[[ Material shown open ]]

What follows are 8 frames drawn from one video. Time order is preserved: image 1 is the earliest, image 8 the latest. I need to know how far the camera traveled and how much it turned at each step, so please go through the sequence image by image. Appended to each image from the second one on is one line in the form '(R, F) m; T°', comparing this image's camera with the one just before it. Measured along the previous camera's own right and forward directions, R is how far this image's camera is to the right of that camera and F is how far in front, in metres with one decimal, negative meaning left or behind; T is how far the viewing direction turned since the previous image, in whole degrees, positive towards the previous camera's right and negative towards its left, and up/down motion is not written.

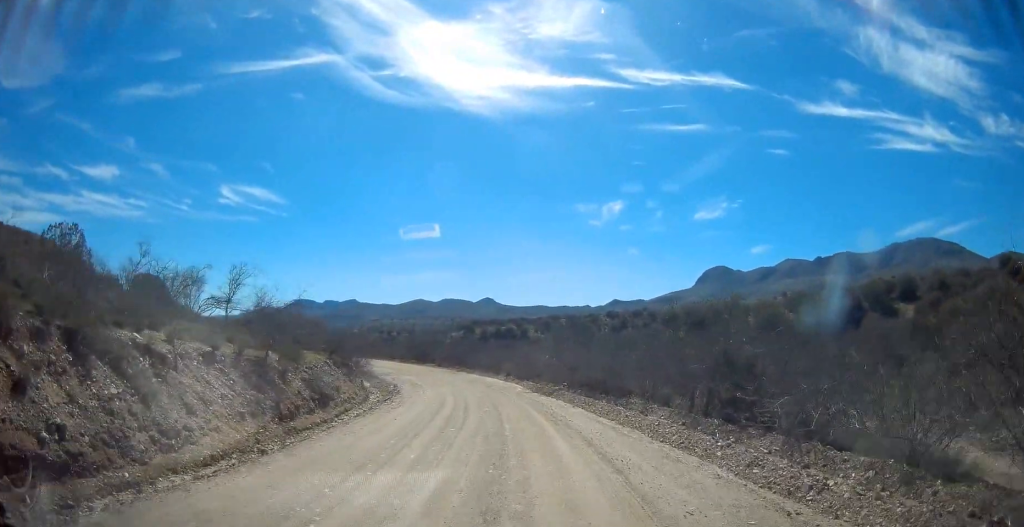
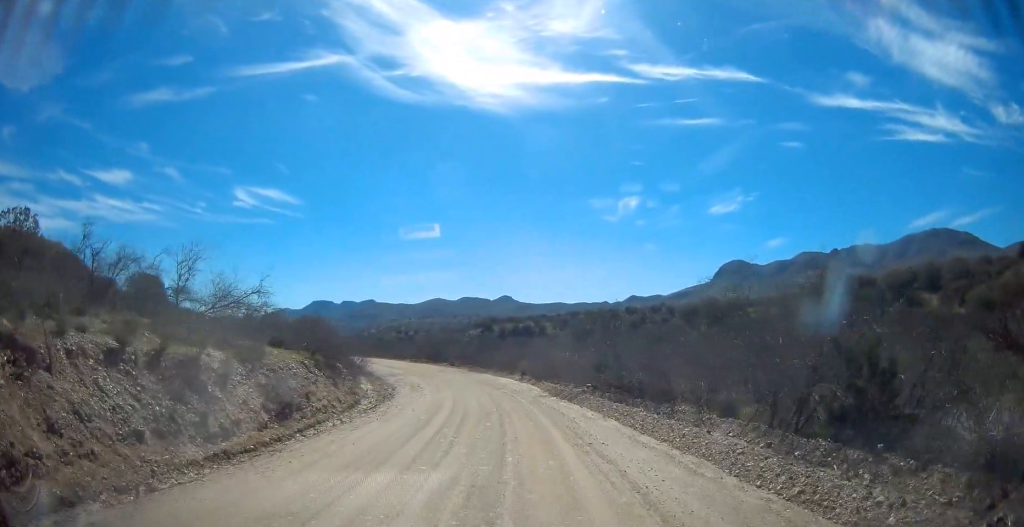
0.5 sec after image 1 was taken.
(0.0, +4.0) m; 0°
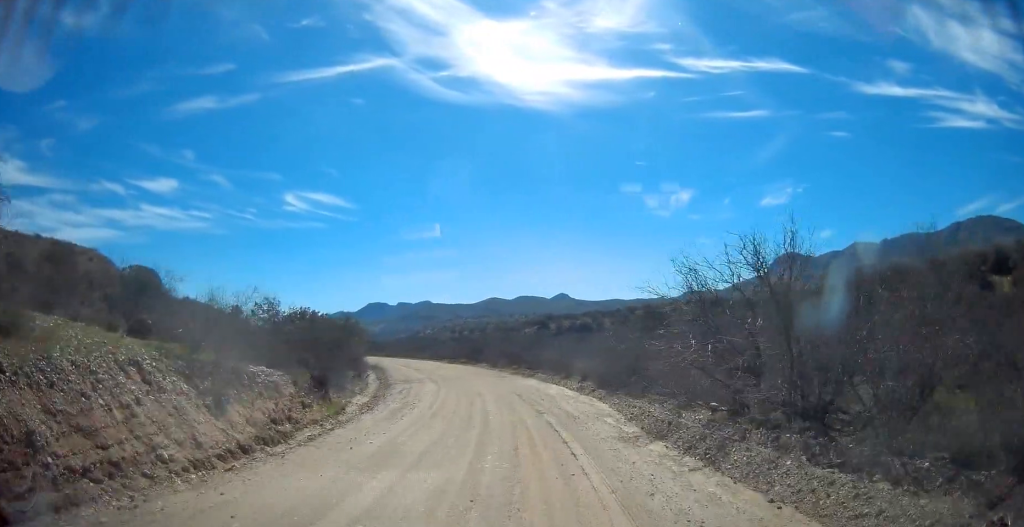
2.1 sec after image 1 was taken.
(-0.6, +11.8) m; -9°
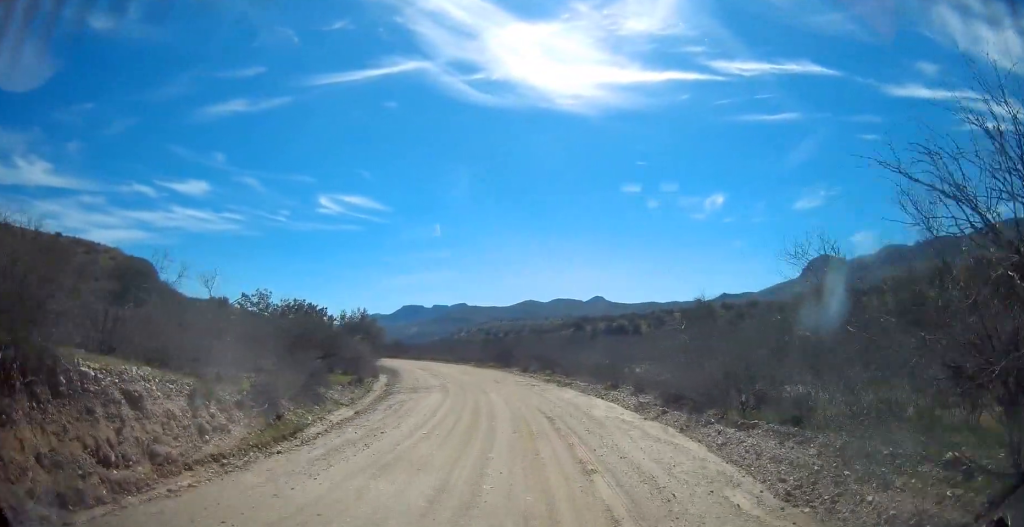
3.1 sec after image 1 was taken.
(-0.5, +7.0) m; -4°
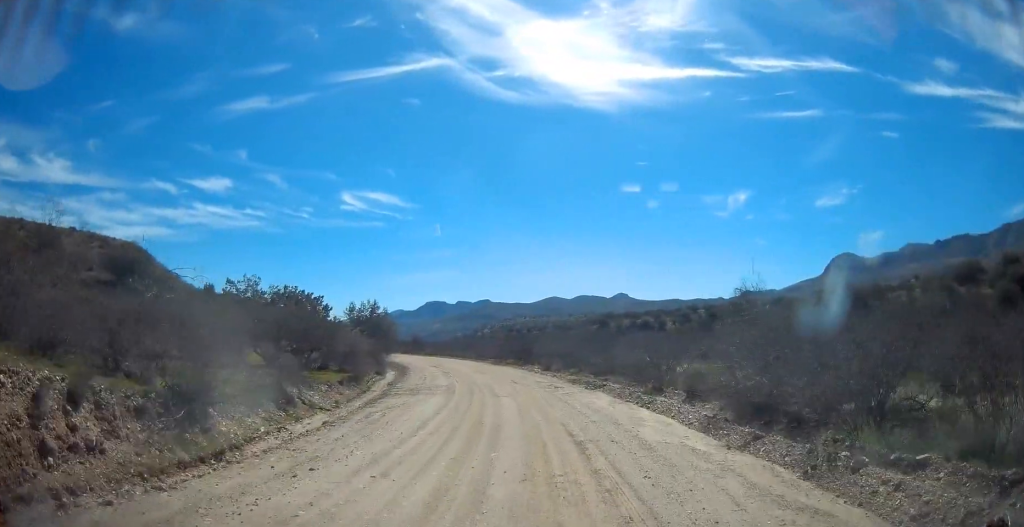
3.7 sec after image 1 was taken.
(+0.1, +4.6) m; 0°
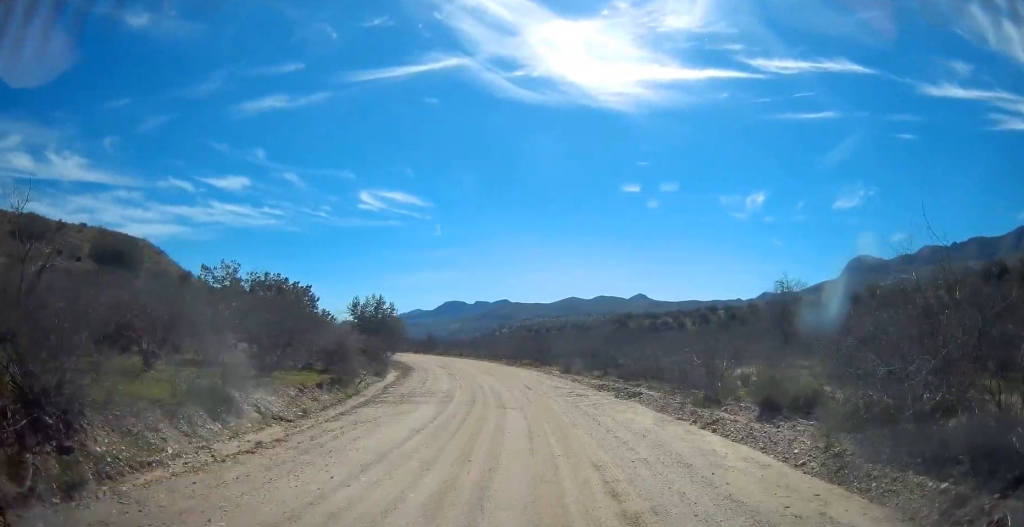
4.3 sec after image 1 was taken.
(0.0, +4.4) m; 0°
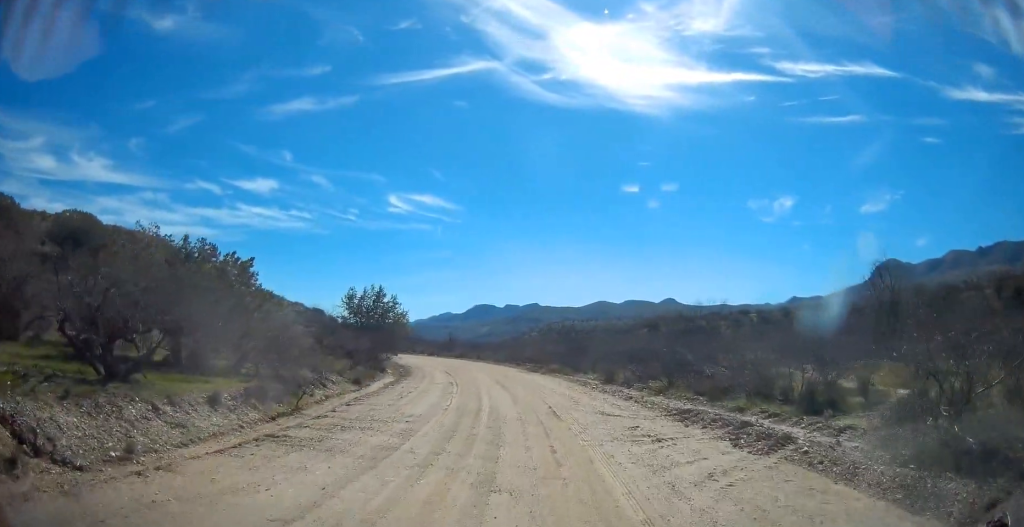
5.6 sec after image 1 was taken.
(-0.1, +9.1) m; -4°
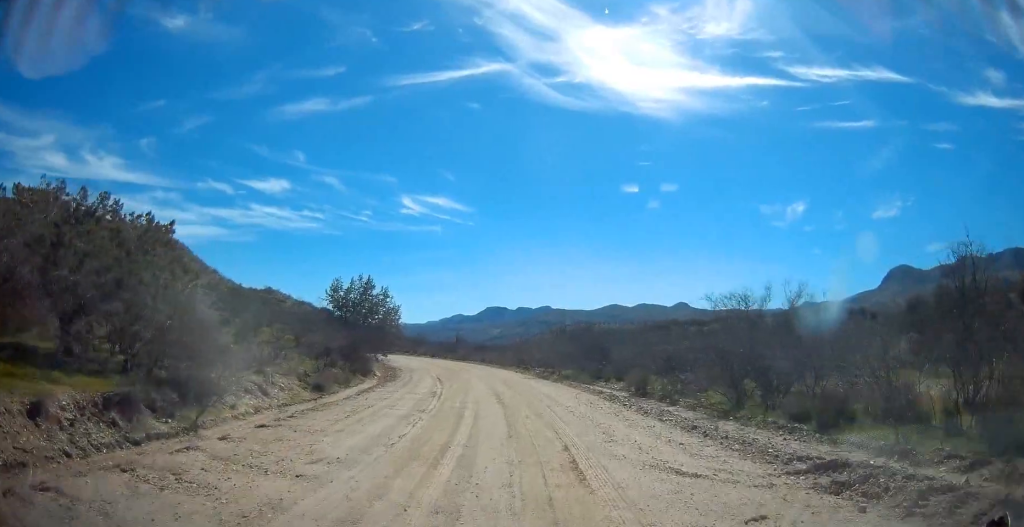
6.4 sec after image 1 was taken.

[[ Material shown closed ]]

§ Task prompt
Repeat every line of the data above exactly, but drop the pictures.

§ Exercise output
What follows are 8 frames drawn from one video. Time order is preserved: image 1 is the earliest, image 8 the latest. I need to know how far the camera traveled and how much it turned at each step, so please go through the sequence image by image. Appended to each image from the second one on is one line in the form '(R, F) m; T°', comparing this image's camera with the one just before it. Measured along the previous camera's own right and forward directions, R is how far this image's camera is to the right of that camera and F is how far in front, in metres with one decimal, negative meaning left or behind; T is how far the viewing direction turned since the previous image, in whole degrees, positive towards the previous camera's right and negative towards its left, and up/down motion is not written.

0.5 sec after image 1 was taken.
(0.0, +4.0) m; 0°
2.1 sec after image 1 was taken.
(-0.6, +11.8) m; -9°
3.1 sec after image 1 was taken.
(-0.5, +7.0) m; -4°
3.7 sec after image 1 was taken.
(+0.1, +4.6) m; 0°
4.3 sec after image 1 was taken.
(0.0, +4.4) m; 0°
5.6 sec after image 1 was taken.
(-0.1, +9.1) m; -4°
6.4 sec after image 1 was taken.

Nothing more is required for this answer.